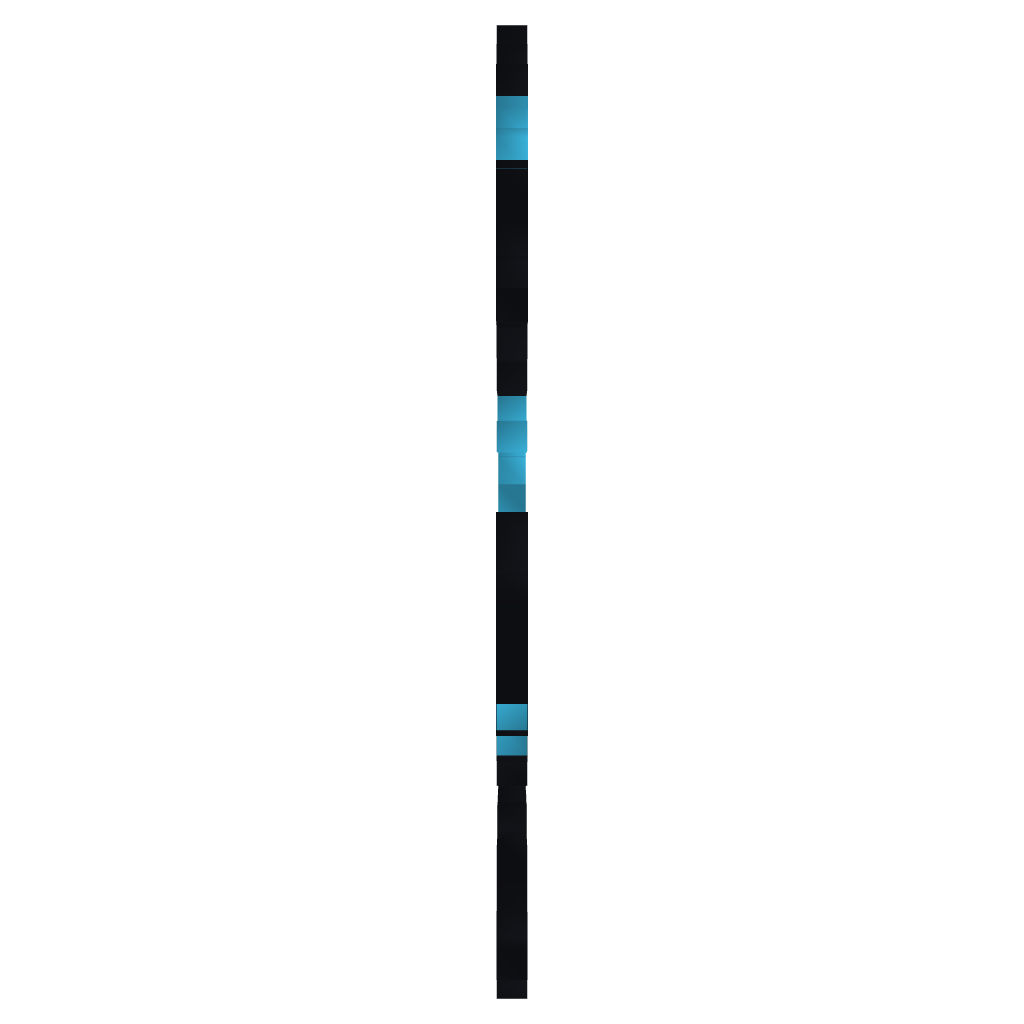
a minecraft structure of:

...

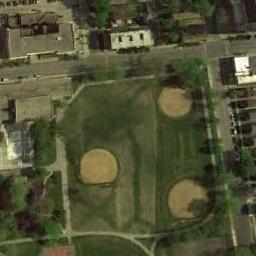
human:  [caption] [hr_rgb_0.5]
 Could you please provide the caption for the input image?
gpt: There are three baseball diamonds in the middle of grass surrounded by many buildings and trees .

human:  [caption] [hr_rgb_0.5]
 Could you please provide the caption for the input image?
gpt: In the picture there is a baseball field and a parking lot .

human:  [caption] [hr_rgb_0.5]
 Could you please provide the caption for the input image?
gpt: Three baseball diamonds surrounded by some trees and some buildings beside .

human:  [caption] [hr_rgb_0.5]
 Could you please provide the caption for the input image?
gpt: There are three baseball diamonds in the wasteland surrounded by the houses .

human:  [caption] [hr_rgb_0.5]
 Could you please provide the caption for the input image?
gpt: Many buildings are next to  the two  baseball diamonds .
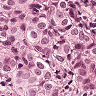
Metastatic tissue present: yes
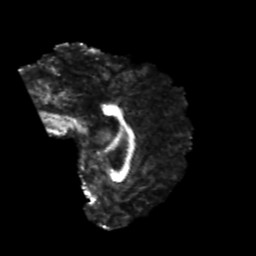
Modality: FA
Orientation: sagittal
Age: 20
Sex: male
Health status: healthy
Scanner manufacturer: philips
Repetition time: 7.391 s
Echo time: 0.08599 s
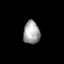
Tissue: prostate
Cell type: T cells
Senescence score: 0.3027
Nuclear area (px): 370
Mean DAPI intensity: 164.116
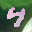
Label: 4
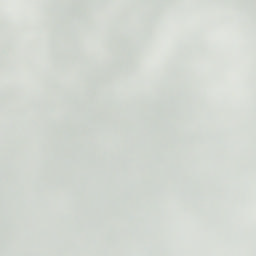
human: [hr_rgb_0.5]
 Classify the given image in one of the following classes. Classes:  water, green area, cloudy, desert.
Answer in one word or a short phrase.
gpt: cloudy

* * *

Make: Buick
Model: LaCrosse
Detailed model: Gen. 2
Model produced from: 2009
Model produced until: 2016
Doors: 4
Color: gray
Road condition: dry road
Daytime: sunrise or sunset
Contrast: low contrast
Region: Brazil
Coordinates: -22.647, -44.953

### INSTRUCTIONS FOR THE TASK
From the records above, quote word for word only the lines beginning at the line that has "Scanner manufacturer: philips" and stopping after the line that has "gpt: cloudy". Omit the pictures.

### ANSWER SPACE
Scanner manufacturer: philips
Repetition time: 7.391 s
Echo time: 0.08599 s
Tissue: prostate
Cell type: T cells
Senescence score: 0.3027
Nuclear area (px): 370
Mean DAPI intensity: 164.116
Label: 4
human: [hr_rgb_0.5]
 Classify the given image in one of the following classes. Classes:  water, green area, cloudy, desert.
Answer in one word or a short phrase.
gpt: cloudy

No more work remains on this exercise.